• [PROBLEM] Set down exactly, from the records below, the line with "<!-- Svg Vector" through the line with "<!DOCTYPE svg PUBLIC", and nothing else.
*** Opening MATERIAL FOR THIS EXERCISE ***
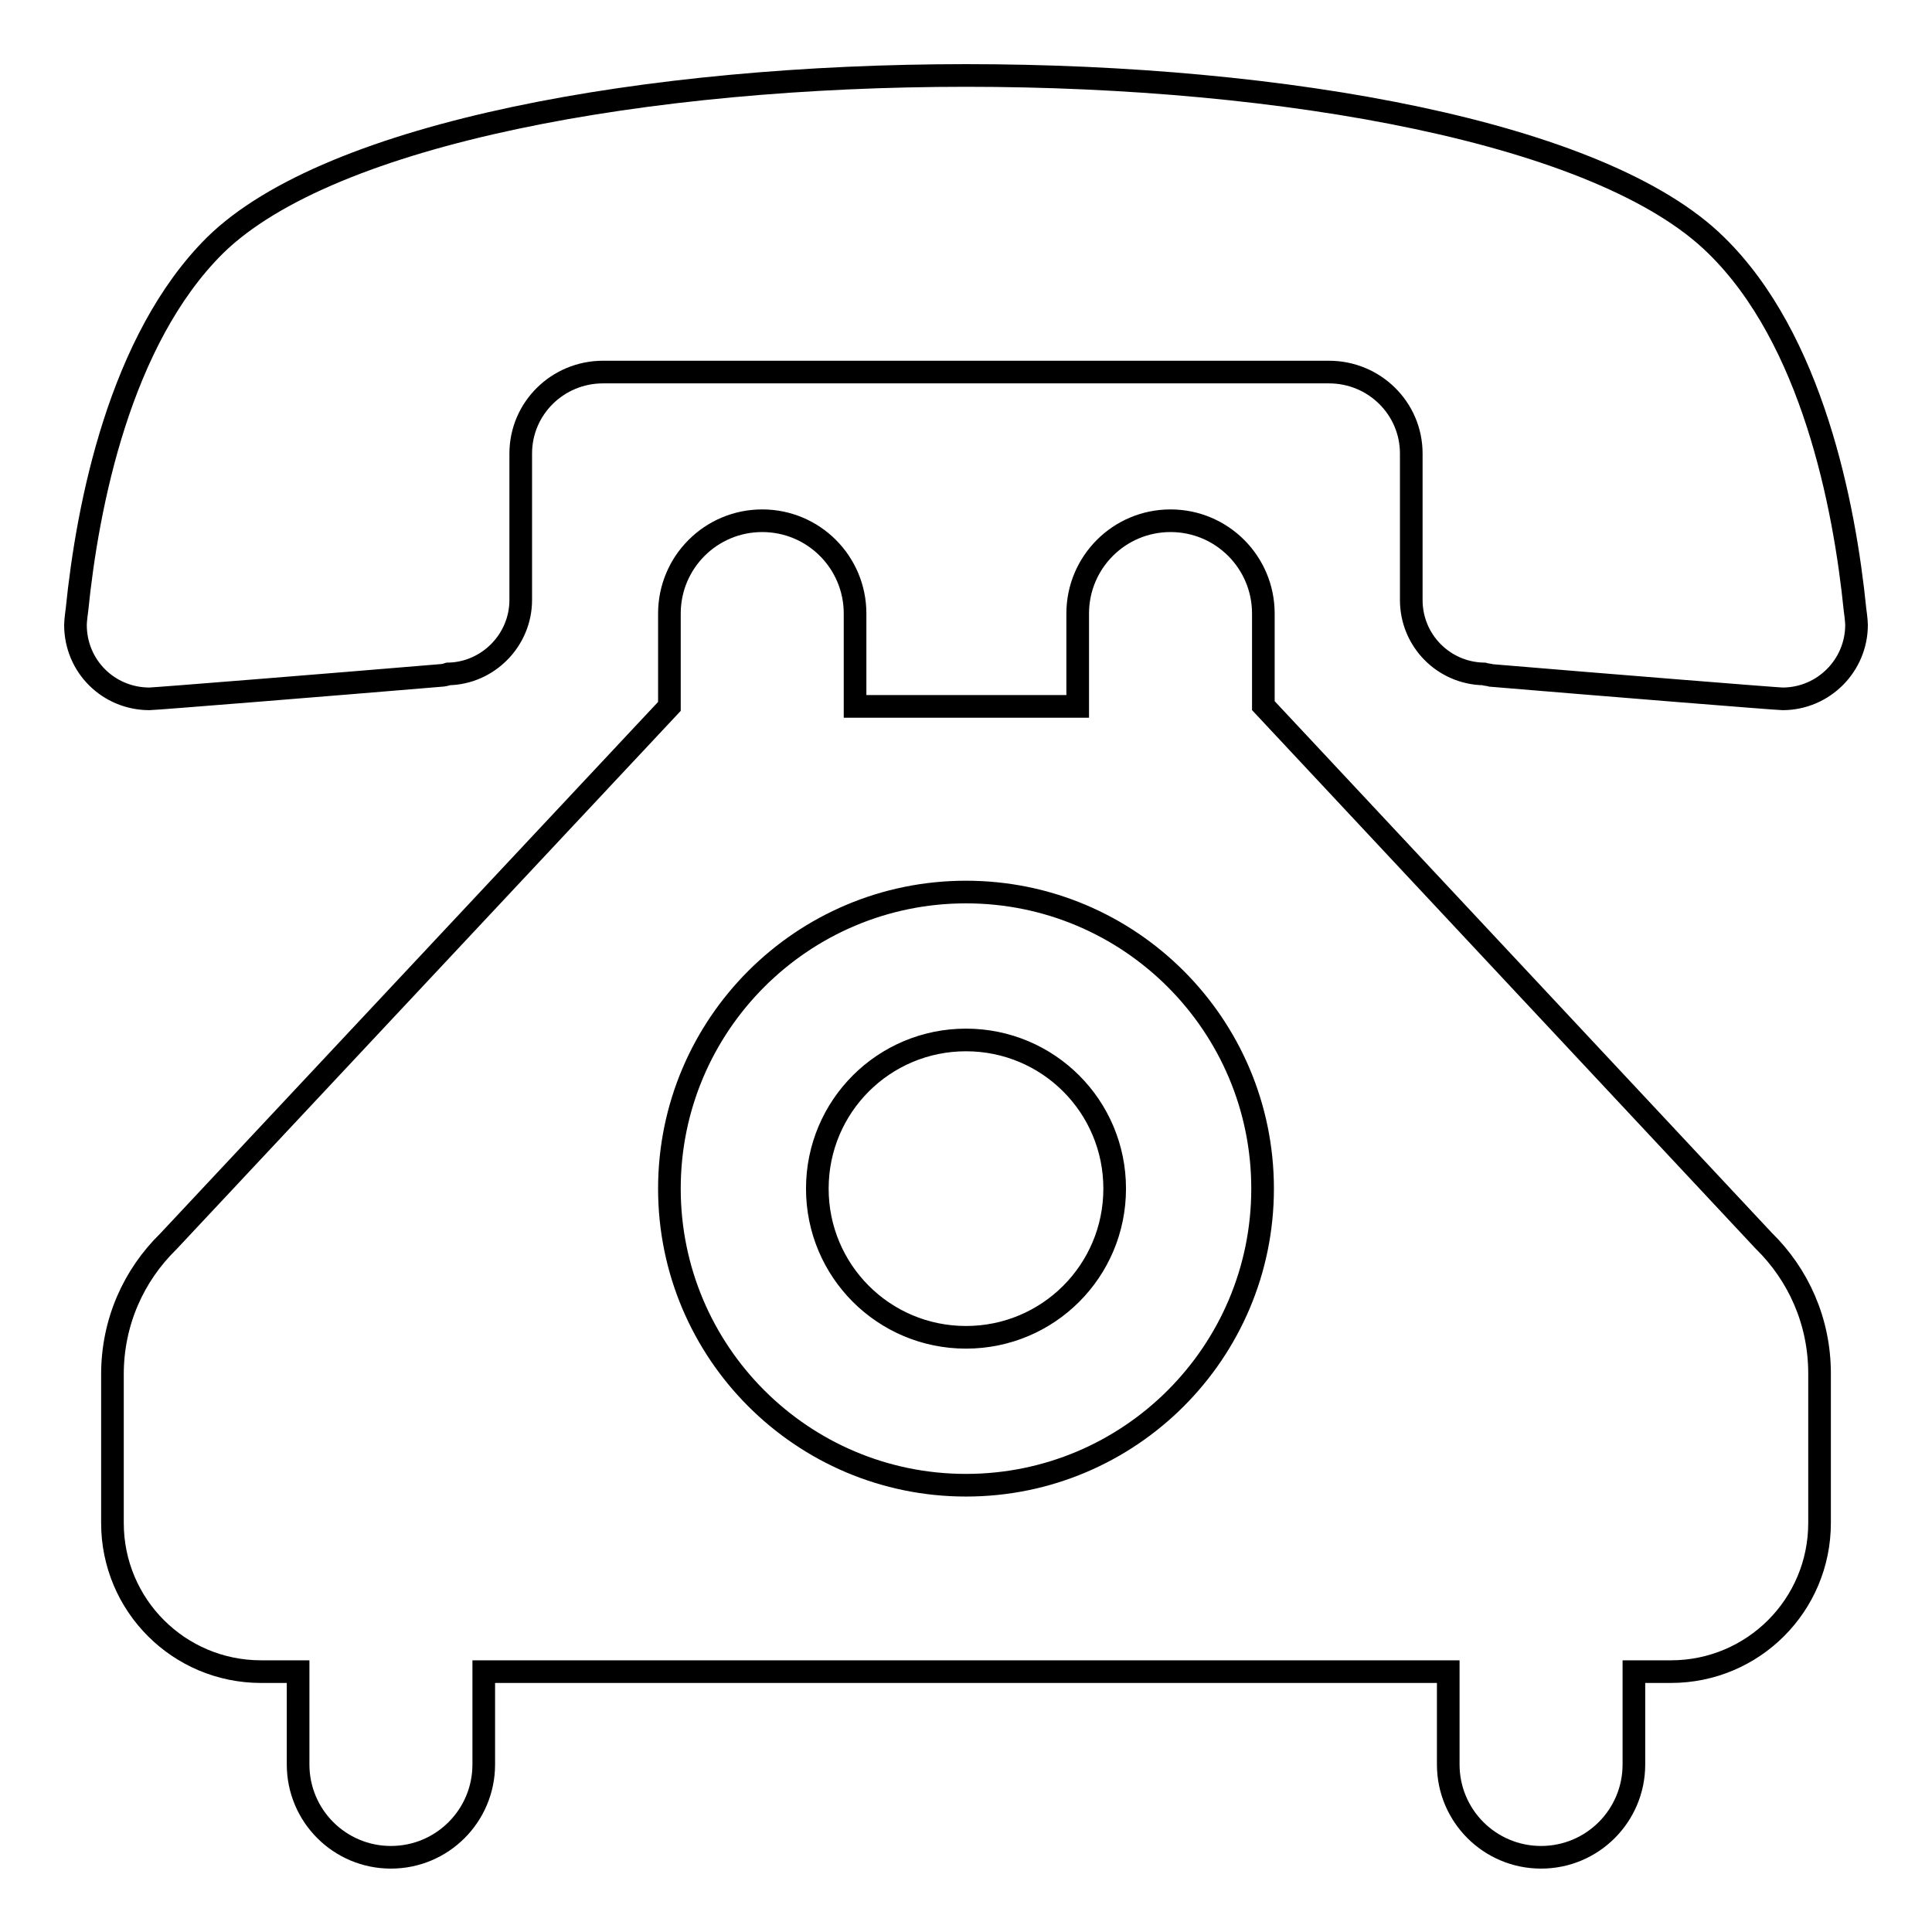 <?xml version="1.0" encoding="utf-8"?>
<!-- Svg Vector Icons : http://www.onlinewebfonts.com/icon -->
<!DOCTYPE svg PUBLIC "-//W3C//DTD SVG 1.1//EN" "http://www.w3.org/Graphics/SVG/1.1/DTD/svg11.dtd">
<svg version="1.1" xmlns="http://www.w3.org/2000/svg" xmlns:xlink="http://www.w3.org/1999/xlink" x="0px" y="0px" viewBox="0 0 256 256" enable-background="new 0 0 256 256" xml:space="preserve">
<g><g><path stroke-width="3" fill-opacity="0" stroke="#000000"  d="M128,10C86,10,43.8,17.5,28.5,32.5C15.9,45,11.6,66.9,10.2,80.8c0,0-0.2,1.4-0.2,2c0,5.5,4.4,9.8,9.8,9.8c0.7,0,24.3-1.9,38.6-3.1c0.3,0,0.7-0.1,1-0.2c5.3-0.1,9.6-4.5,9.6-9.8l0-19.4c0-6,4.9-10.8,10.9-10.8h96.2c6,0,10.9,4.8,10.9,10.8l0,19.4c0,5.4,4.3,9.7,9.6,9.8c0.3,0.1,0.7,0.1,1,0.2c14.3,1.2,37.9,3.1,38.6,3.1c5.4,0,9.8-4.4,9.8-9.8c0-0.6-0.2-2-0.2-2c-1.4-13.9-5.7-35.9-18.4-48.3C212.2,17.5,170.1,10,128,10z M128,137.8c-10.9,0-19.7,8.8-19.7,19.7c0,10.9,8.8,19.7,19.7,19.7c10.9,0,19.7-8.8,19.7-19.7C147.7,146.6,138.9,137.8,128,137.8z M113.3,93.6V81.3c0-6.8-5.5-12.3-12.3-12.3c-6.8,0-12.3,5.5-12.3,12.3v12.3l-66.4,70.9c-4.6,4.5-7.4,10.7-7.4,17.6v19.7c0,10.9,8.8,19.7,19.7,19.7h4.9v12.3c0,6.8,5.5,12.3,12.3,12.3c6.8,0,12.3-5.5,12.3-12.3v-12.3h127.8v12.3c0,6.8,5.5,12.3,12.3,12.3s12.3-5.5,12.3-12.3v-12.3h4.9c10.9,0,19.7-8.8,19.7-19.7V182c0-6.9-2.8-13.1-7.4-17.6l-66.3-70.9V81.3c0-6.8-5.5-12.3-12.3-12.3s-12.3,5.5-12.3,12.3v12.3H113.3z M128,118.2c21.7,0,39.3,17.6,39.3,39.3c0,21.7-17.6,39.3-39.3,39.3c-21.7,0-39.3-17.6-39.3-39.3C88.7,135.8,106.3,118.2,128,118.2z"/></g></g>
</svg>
*** Closing MATERIAL FOR THIS EXERCISE ***
*** Opening MATERIAL FOR THIS EXERCISE ***
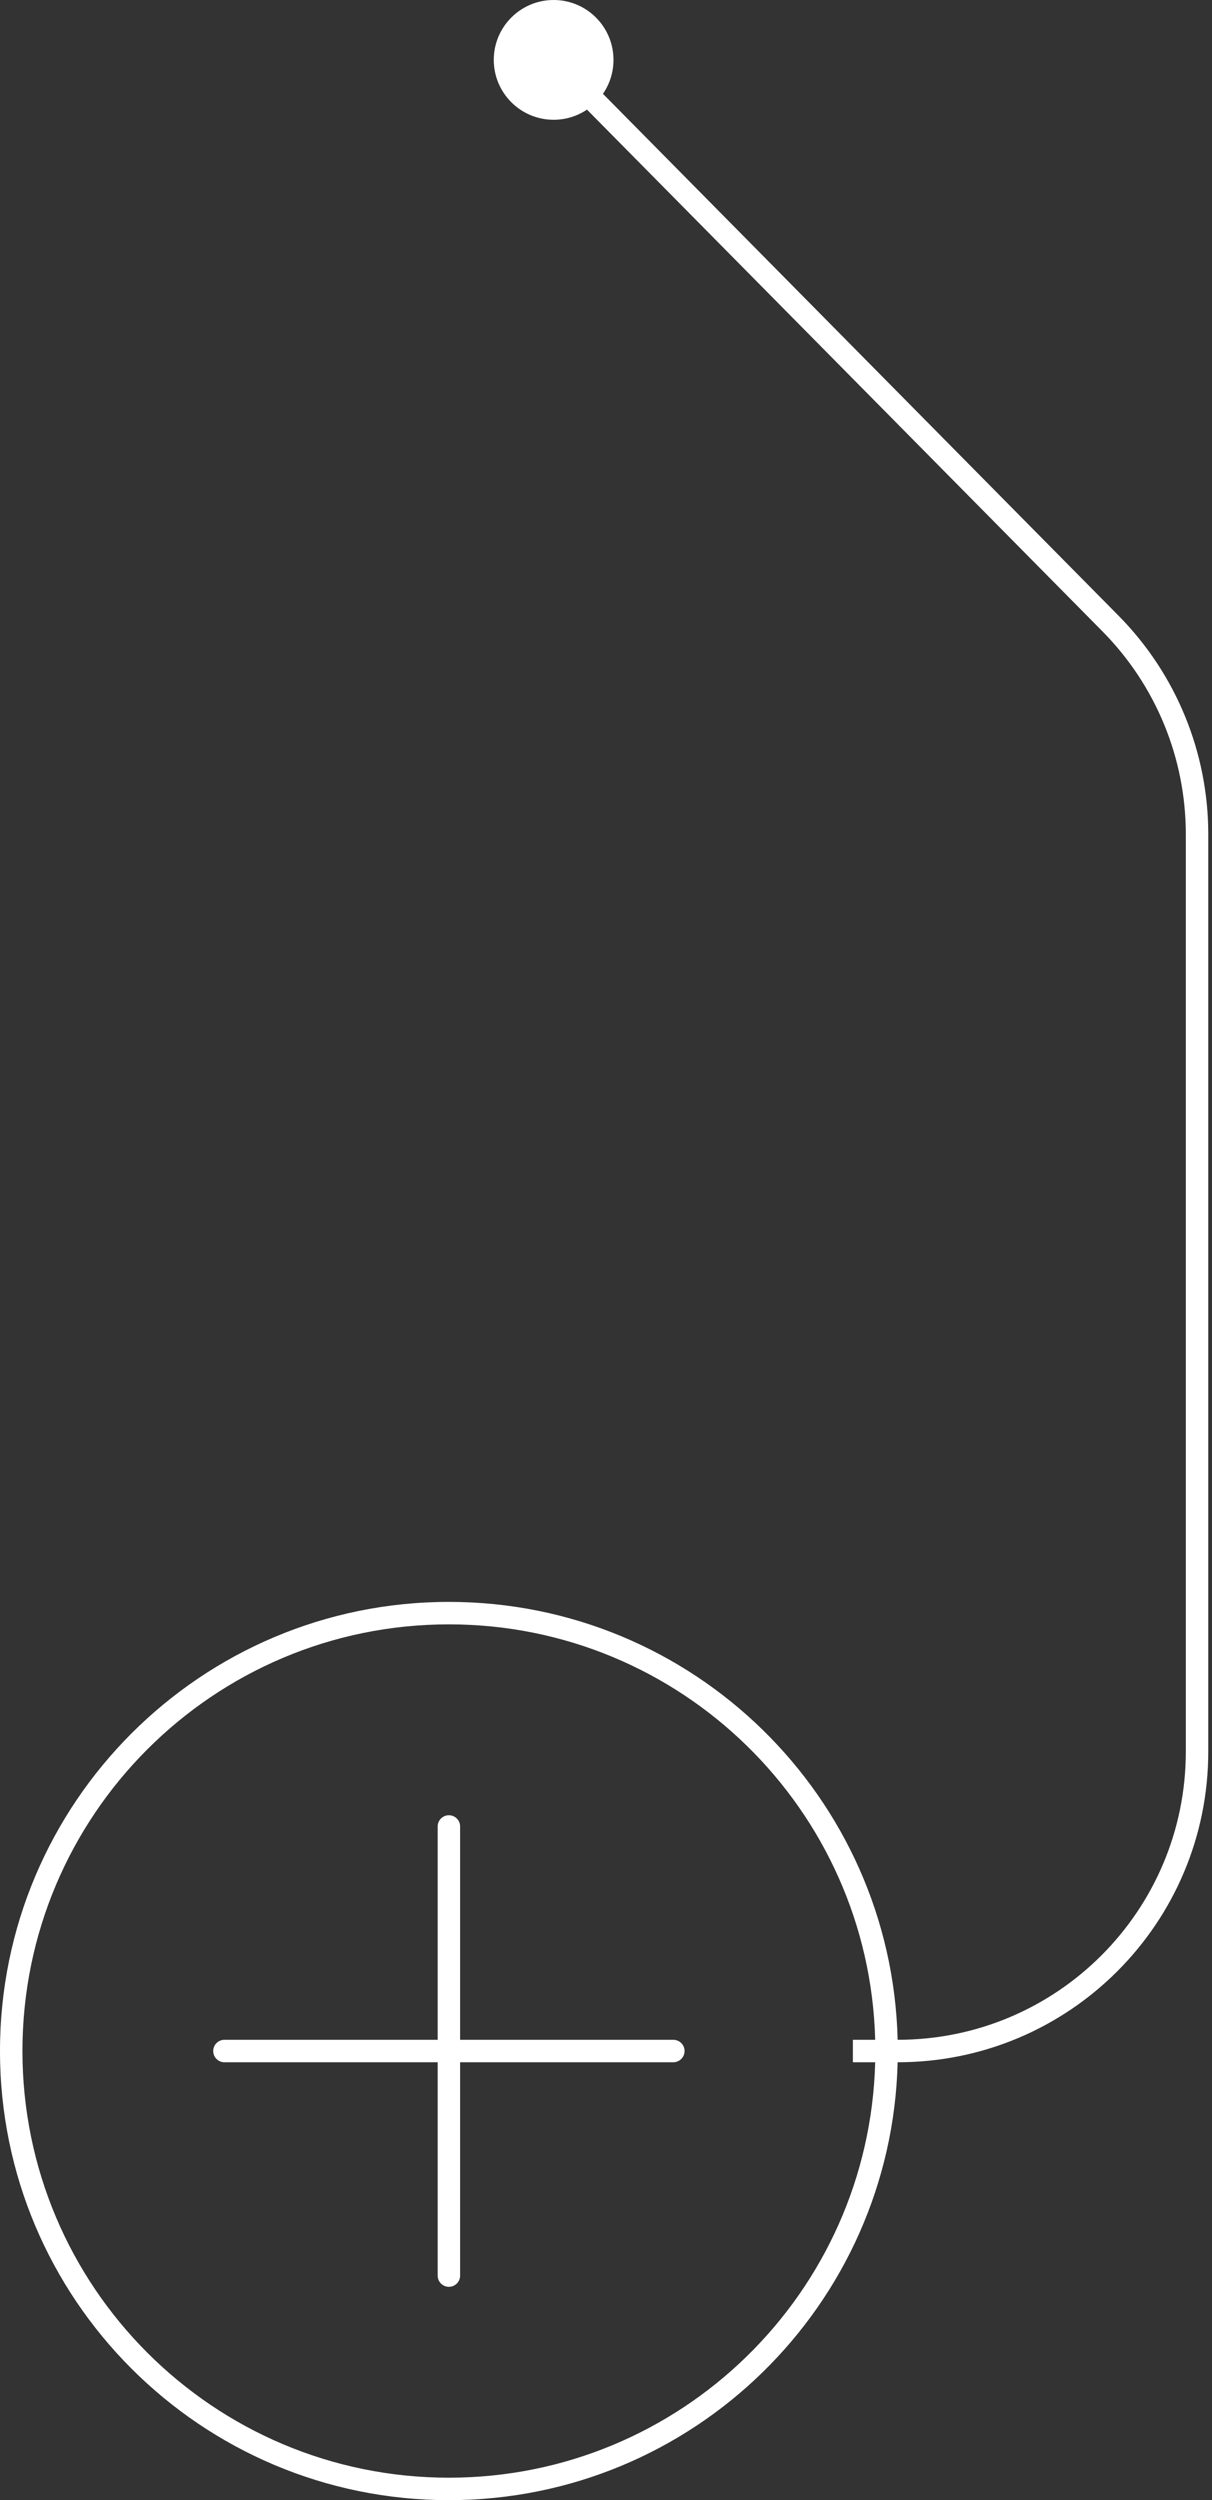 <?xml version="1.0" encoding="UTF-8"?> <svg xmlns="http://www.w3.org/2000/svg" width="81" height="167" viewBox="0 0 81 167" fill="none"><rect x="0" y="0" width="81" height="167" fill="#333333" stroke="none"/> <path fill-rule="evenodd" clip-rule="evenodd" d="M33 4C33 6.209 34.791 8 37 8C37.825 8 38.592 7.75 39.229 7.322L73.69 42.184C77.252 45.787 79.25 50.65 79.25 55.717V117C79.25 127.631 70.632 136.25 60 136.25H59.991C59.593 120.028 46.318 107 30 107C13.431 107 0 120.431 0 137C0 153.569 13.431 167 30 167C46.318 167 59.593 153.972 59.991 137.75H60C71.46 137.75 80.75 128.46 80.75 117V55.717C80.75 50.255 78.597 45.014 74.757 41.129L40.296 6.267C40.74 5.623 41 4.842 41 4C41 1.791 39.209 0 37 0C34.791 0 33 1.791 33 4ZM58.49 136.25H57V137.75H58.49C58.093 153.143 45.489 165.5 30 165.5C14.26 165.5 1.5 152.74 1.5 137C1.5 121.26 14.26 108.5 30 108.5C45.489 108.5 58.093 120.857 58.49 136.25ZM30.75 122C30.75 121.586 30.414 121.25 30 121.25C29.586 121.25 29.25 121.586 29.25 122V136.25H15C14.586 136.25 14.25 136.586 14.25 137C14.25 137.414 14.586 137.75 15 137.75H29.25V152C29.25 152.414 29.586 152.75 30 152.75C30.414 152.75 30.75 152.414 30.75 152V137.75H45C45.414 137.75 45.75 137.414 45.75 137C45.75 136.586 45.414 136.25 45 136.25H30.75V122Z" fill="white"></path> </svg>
*** Closing MATERIAL FOR THIS EXERCISE ***
*** Opening MATERIAL FOR THIS EXERCISE ***
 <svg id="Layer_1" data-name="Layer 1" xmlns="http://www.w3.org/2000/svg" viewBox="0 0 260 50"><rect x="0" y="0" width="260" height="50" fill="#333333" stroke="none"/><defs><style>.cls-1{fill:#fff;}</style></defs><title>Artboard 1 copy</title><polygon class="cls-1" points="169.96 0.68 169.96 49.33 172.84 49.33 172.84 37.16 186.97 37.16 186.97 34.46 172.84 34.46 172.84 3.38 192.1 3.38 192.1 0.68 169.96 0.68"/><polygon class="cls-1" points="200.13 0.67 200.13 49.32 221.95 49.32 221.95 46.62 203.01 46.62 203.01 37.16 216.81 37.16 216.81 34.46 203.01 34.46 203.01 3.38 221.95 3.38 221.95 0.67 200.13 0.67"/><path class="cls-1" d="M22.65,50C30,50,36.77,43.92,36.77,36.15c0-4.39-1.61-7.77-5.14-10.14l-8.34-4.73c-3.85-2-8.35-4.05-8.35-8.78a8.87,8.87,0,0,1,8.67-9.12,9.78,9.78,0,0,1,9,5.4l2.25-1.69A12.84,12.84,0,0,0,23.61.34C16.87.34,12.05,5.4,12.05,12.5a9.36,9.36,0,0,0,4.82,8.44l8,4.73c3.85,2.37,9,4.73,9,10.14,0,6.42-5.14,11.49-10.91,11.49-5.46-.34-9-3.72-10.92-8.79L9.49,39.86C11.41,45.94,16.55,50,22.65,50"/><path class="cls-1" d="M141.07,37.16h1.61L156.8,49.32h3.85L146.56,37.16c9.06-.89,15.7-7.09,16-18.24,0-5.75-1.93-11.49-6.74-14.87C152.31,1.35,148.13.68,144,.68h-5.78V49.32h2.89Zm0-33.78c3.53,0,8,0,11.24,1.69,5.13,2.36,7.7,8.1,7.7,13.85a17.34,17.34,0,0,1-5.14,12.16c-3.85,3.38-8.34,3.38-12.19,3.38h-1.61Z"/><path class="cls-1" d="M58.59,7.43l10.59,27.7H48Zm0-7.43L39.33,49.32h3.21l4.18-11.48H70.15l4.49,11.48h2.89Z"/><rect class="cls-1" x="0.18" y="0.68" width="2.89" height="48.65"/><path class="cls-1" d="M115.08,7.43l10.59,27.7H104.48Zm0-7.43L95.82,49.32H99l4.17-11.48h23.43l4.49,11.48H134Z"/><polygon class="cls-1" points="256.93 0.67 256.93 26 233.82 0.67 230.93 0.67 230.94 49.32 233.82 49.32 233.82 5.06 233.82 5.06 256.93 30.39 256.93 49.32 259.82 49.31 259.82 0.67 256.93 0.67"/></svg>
*** Closing MATERIAL FOR THIS EXERCISE ***
• [EXERCISE OUTPUT]
<!-- Svg Vector Icons : http://www.onlinewebfonts.com/icon -->
<!DOCTYPE svg PUBLIC "-//W3C//DTD SVG 1.1//EN" "http://www.w3.org/Graphics/SVG/1.1/DTD/svg11.dtd">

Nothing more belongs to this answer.